= Task to carry out =
Within the material below, locate the line with "año, vamos con" and the line with "daar staat het allemaal.", then return those two lines and all lines between them, exactly as written.

= Extracted entries =
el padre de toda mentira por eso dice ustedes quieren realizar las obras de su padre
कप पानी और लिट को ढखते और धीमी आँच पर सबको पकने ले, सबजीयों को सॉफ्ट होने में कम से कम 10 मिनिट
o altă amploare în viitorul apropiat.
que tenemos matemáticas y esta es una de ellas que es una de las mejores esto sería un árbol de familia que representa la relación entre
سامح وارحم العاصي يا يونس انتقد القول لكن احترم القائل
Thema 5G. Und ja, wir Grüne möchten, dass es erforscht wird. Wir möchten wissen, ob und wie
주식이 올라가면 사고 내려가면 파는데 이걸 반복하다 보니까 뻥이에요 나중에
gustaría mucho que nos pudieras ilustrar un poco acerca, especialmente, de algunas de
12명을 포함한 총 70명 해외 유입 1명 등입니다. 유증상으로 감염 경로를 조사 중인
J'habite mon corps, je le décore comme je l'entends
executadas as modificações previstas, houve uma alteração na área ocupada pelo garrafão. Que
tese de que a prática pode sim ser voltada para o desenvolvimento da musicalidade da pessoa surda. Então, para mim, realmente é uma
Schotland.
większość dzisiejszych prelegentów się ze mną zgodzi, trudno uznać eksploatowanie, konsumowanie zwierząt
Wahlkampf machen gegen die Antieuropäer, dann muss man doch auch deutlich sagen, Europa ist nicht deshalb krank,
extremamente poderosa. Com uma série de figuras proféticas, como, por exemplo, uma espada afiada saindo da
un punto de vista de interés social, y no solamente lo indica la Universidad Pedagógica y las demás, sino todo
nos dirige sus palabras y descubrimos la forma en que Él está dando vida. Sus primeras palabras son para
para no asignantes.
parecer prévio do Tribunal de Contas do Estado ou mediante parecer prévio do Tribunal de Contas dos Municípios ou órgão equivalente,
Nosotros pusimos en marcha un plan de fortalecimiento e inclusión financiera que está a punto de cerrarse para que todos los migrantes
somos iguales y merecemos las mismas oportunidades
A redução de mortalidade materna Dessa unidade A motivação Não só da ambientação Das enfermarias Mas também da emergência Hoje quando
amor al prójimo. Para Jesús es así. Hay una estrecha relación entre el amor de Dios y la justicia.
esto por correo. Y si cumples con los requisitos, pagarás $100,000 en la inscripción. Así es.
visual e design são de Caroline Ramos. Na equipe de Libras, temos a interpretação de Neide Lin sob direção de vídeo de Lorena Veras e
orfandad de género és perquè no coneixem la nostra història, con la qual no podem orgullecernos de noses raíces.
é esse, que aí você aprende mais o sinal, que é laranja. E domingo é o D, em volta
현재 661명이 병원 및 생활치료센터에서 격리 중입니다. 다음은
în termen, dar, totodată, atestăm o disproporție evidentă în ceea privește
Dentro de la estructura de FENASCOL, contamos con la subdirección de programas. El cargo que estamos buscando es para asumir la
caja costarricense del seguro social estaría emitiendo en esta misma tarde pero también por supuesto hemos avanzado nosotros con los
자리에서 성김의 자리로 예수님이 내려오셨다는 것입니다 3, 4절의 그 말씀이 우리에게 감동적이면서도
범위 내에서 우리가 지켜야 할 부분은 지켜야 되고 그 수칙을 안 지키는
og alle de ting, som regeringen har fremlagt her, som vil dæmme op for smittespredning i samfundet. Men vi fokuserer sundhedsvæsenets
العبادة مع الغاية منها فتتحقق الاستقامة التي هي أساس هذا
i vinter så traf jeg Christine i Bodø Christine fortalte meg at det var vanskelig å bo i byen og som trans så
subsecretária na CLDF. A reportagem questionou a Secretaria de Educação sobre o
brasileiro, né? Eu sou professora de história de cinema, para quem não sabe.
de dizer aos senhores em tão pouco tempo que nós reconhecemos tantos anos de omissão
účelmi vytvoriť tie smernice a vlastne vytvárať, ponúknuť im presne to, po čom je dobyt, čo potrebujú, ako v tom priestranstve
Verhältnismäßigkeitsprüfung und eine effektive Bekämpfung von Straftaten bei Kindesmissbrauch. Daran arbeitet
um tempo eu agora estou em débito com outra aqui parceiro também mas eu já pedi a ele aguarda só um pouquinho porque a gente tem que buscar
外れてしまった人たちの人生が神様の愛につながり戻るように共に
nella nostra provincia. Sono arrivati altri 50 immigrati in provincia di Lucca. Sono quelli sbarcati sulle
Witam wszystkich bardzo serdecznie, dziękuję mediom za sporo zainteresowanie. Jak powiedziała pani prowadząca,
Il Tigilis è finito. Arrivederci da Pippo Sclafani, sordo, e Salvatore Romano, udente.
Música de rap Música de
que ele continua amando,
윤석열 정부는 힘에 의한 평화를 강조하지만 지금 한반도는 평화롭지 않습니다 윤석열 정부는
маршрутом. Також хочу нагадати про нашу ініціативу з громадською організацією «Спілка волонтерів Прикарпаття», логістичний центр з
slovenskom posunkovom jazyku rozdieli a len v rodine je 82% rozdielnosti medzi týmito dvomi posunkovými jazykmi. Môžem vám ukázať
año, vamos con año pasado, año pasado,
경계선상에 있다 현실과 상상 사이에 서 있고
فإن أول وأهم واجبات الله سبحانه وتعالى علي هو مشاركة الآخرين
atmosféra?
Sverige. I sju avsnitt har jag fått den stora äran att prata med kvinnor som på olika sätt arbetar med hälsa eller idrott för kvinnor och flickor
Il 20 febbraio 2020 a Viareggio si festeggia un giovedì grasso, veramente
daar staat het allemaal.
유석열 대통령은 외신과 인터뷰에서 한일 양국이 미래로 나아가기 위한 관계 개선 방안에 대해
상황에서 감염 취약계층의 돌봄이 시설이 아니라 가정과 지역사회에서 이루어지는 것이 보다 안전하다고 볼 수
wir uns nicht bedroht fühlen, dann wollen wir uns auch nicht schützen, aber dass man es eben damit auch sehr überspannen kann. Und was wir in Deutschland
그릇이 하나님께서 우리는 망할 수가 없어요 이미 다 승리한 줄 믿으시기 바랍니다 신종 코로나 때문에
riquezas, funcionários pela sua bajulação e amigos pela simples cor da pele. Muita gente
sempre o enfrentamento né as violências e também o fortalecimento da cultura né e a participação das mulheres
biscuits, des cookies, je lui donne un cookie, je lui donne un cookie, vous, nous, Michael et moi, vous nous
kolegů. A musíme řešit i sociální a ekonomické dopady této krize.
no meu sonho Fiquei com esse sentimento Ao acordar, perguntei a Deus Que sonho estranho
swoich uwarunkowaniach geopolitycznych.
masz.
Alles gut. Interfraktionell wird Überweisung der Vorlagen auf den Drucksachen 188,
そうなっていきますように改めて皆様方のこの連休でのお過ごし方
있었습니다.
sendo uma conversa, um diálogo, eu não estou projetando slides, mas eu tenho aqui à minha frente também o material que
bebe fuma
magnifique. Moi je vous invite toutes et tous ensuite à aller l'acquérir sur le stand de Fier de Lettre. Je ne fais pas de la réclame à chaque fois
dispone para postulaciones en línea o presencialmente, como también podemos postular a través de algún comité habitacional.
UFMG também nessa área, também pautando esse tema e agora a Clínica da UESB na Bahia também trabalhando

= Solution below =
año, vamos con año pasado, año pasado,
경계선상에 있다 현실과 상상 사이에 서 있고
فإن أول وأهم واجبات الله سبحانه وتعالى علي هو مشاركة الآخرين
atmosféra?
Sverige. I sju avsnitt har jag fått den stora äran att prata med kvinnor som på olika sätt arbetar med hälsa eller idrott för kvinnor och flickor
Il 20 febbraio 2020 a Viareggio si festeggia un giovedì grasso, veramente
daar staat het allemaal.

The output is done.